The trial involving job applications of this nature in the city of Gothenburg is so far the most extensive in Sweden. For this reason, the Institute for Labour Market Policy Evaluation (IFAU) has carried out an evaluation of the impact of anonymous job applications in Gothenburg …
The data used in the IFAU study derive from three districts in Gothenburg … Information on the 3,529 job applicants and a total of 109 positions were collected from all three districts …
A difference-in-difference model was used to test the findings and to estimate the effects in the outcome variables: whether a difference emerges regarding an invitation to interview and job offers in relation to gender and ethnicity in the case of anonymous job applications compared with traditional application procedures.
For job openings where anonymous job applications were applied, the IFAU study reveals that gender and the ethnic origin of the applicant do not affect the probability of being invited for interview. As would be expected from previous research, these factors do have an impact when compared with recruitment processes using traditional application procedures where all the information on the applicant, such as name, sex, country of origin or other identifiable traits of ethnicity and gender, is visible during the first phase of the hiring process.
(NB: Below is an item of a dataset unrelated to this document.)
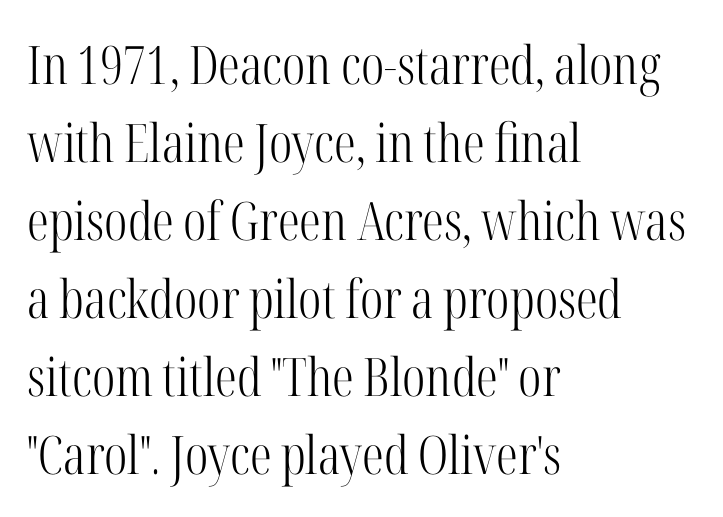
This block has exactly the height ordinary leading produces. The tracking reads as untouched default to a designer's eye. The strokes carry an ordinary text weight at most. Compared with a centered layout, this one pins lines to the left instead.

As a result, anonymous applications are estimated to increase the probability of being interviewed regardless of gender and ethnic origin, showing an increase of about 8% for both non-western migrant workers and women.
As yours truly has repeatedly argued (here here here) on this blog, RCTs usually do not provide evidence that their results are exportable to other target systems. The almost religious belief with which its propagators portray it, cannot hide the fact that RCTs cannot be taken for granted to give generalizable results. That something works somewhere is no warranty for it to work for us or even that it works generally.
In an extremely interesting article on the grand claims to external validity often raised by advocates of RCTs, Lant Pritchett and Justin Sandefur now confirm this view and show that using an RCT is not at all the “gold standard” it is portrayed as:
Our point here is not to argue against any well-founded generalization of research findings, nor against the use of experimental methods. Both are central pillars of scientific research. As a means of quantifying the impact of a given development project, or measuring the underlying causal parameter of a clearly-specified economic model, field experiments provide unquestioned advantages over observational studies.
But the popularity of RCTs in development economics stems largely from the claim that they provide a guide to making “evidence-based” policy decisions. In the vast majority of cases, policy recommendations based on experimental results hinge not only on the interior validity of the treatment effect estimates, but also on their external validity across contexts.
Inasmuch as development economics is a worthwhile, independent field of study – rather than a purely parasitic form of regional studies, applying the lessons of rich-country economies to poorer settings – its central conceit is that development is different. The economic, social, and institutional systems of poor countries operate differently than in rich countries in ways that are sufficiently fundamental to require different models and different data.
It is difficult if not impossible to adjudicate the external validity of an individual eperimental result in isolation. But experimental results do not exist in a vacuum. On many development policy questions, the literature as a whole — i. e., the combination of experimental and non-experimental results across multiple contexts — collectively invalidate any claim of external validity for any individual experimental result.